In fact, I’ll make the case here, we need this. Being too certain about too many things feels like something we as Mormons have been warned against. The world is too complex, the universe is too vast, eternity is beyond our ability to comprehend. We are small beings trying to make sense of a universe that is beyond all comprehension. But yet we are put here on this earth to try to make the best of it. We need a bit of humility. We need every tool in our toolbox. We need faith and religion.

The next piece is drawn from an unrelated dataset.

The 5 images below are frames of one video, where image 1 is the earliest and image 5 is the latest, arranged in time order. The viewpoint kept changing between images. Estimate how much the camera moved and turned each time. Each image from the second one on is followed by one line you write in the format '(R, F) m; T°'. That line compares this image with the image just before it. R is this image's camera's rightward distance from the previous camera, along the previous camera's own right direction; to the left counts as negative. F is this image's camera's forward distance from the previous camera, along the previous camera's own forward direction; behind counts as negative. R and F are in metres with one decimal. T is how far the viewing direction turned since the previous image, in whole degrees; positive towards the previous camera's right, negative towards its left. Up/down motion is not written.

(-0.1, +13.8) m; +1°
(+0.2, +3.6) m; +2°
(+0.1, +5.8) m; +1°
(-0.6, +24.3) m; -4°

I don’t believe we can do religion on our own. Where two or three are gathered religion can happen. We do religion with others. But I think we also need theology, doctrine, hierarchy and authority. I don’t believe we need to be in perfect alignment, in fact if we are, than we’re probably doing it wrong. We can and should have our own opinions. But as flawed human beings we need something to check us. We need the rigor and structure and history of doctrine to keep us from wandering too far off into crazy paths. We should not be looking for a religion that is a mirror of ourselves, we should be looking for a religion that helps us become our better selves, that both challenges us when we become too comfortable and comforts us when we feel like giving up.

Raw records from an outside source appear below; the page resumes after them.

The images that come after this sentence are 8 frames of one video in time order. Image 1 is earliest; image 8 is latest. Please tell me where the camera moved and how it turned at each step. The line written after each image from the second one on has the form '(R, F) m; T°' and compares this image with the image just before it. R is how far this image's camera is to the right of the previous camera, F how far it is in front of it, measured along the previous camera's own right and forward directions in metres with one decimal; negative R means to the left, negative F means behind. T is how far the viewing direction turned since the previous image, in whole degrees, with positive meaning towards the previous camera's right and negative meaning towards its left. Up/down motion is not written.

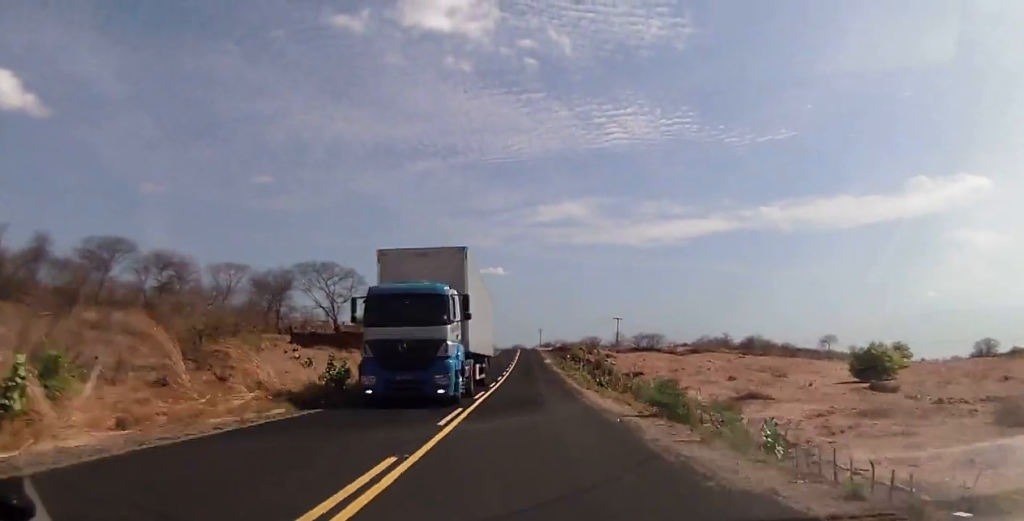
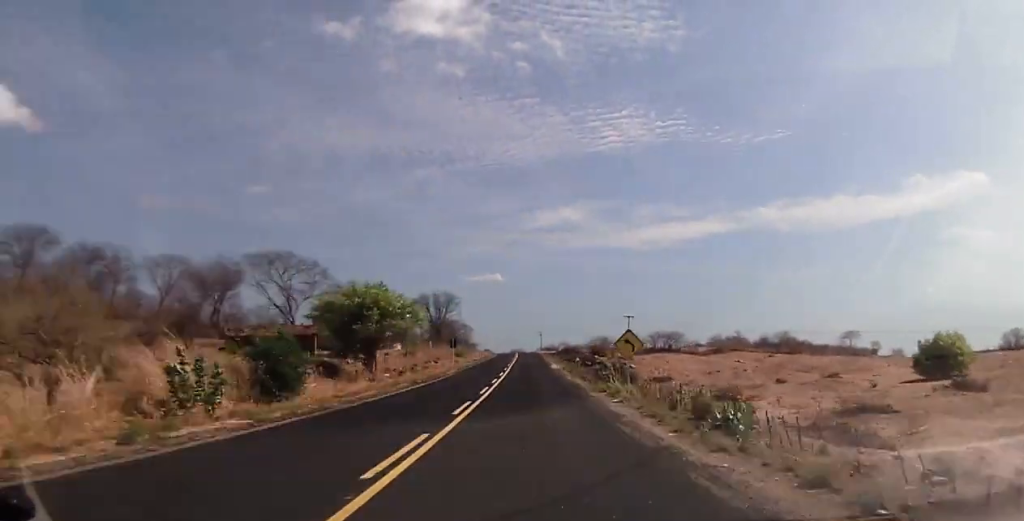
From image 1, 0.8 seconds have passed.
(0.0, +21.2) m; 0°
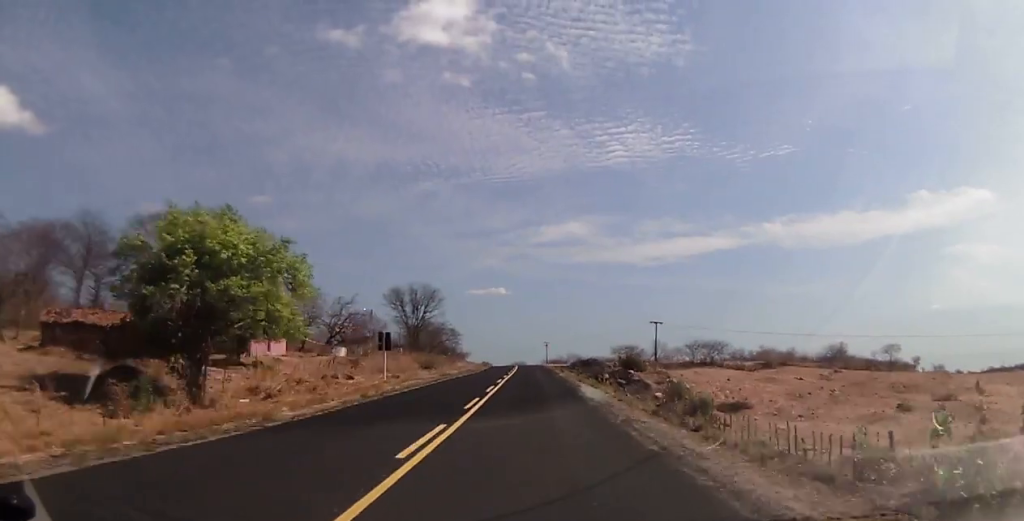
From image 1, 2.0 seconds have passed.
(-0.2, +32.2) m; 0°
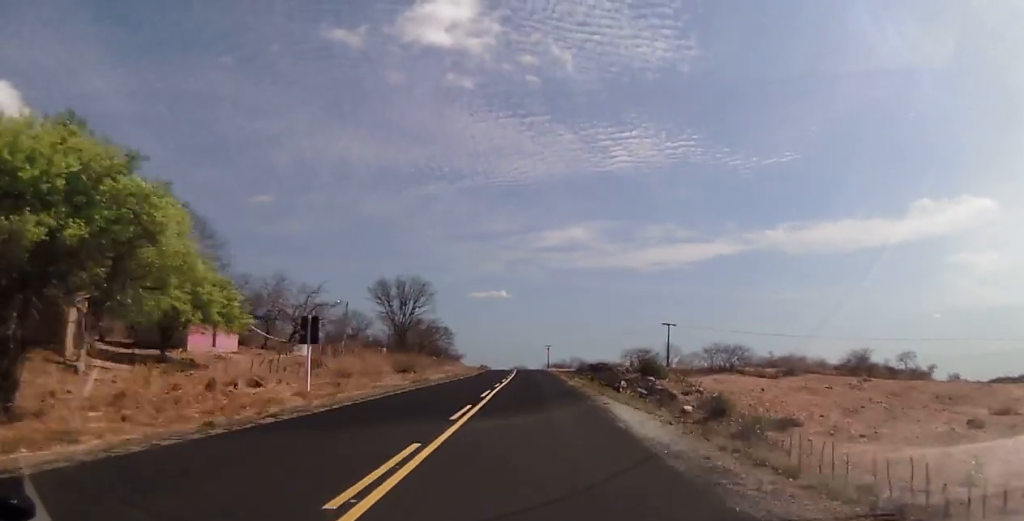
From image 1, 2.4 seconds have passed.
(-0.2, +11.6) m; 0°
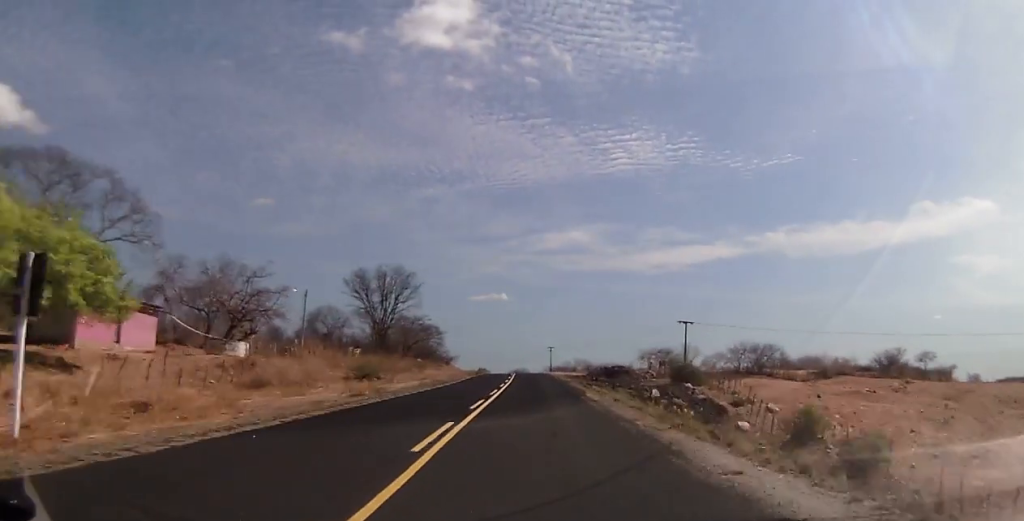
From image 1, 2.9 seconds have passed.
(0.0, +13.4) m; 0°
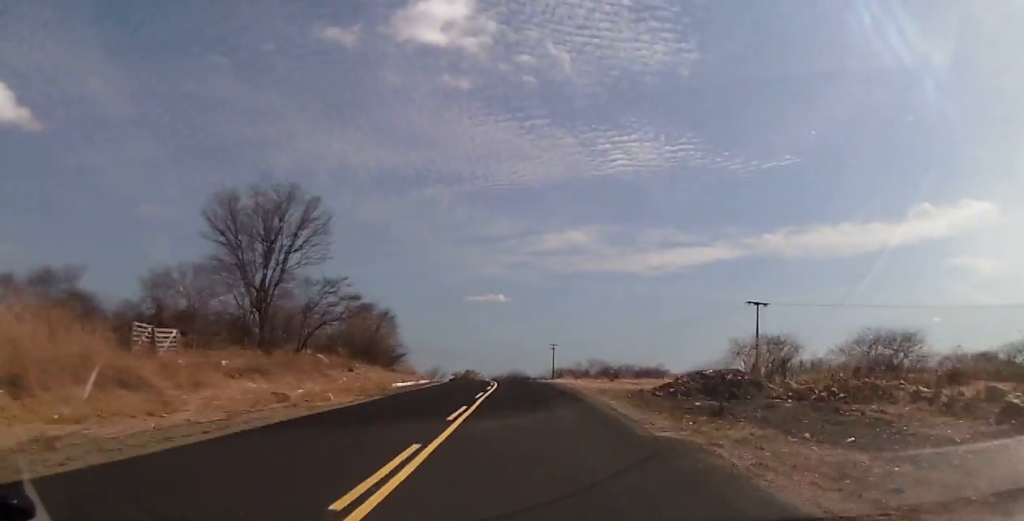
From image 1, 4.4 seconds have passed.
(+0.1, +38.1) m; -1°
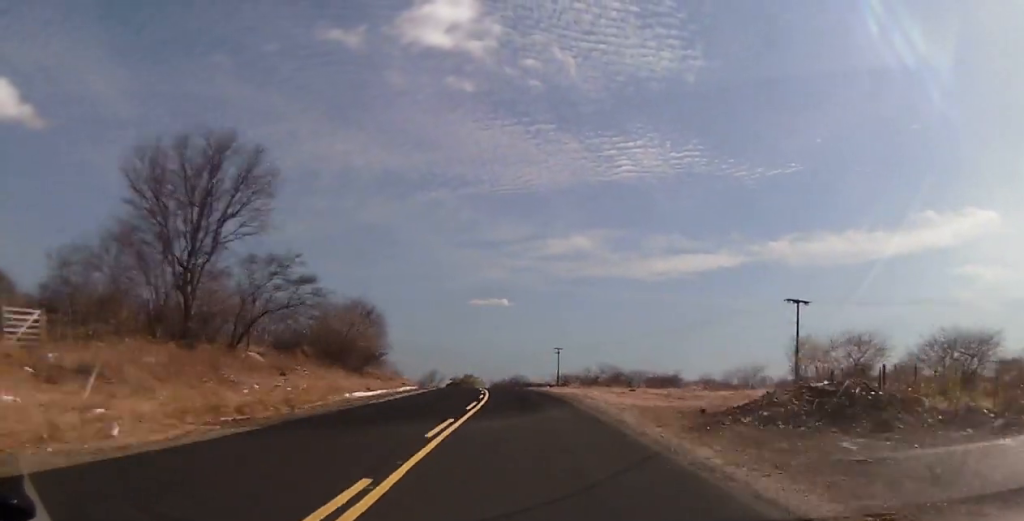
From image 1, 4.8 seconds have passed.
(-0.1, +11.4) m; 0°
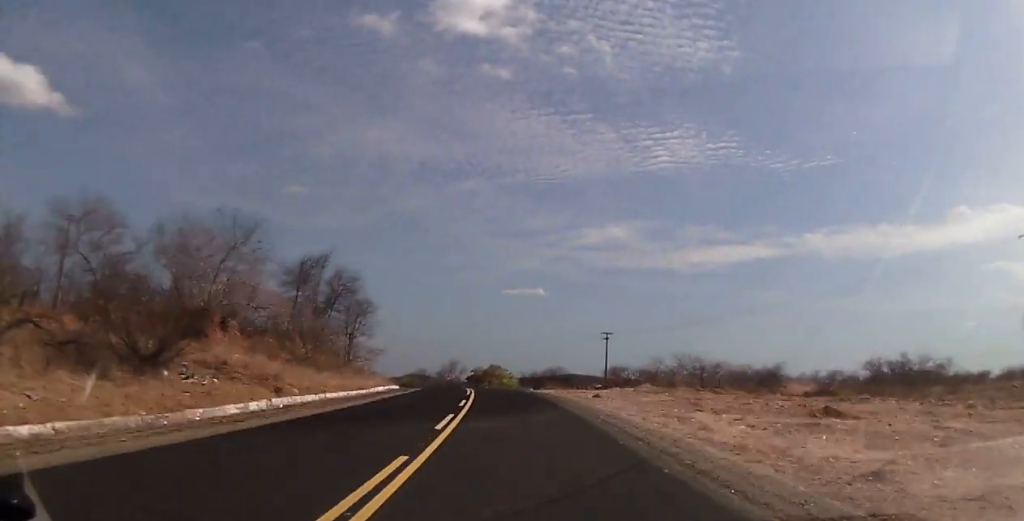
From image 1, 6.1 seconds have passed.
(+0.2, +32.6) m; -1°

Ross Douthat in his book, Bad Religion: How We Became a Nation of Heretics, talks about how Christian orthodoxy played a crucial role in American history in providing necessary dissent and binding the conversation:

But now consider orthodox Christianity’s contribution to America as well. From the beginning, the existence of a Christian center— first exclusively Protestant, and then eventually accommodating Catholicism as well— has helped bind together a teeming, diverse, and fissiparous nation. This binding has often been tangible and concrete: The hierarchy, discipline, and institutional continuity of Mainline Protestantism and Catholicism helped build hospitals and schools, orphanages and universities, and assimilated generation upon generation of immigrants. But our religious center has bound us together in a more mysterious fashion as well. In a country without a national church, the kind of “mere Christianity” has frequently provided an invisible mortar for our culture and a common vocabulary for our great debates. As Jody Bottum put it in a 2008 essay, the major Christian churches have operated “as simultaneously the happy enabler and the unhappy conscience of the American republic— a single source for both national comfort and national unease.” 1

Douthat, Ross (2012-04-17). Bad Religion (Kindle Locations 251-257). Simon & Schuster, Inc.. Kindle Edition.

We need our philosophers, our theologians, our pastors and our prophets. We need people in the national conversation being our “unhappy conscience”. And we need this individually as well. We need an external conscience to check our own compulsions.

We can easily make the mistake of giving our churches too much power, turning it into an obsession to obedience or a judgmental weapon against others we do not approve of. We can easily go overboard one way or the other. But I think religion can and should play a vital role in our lives.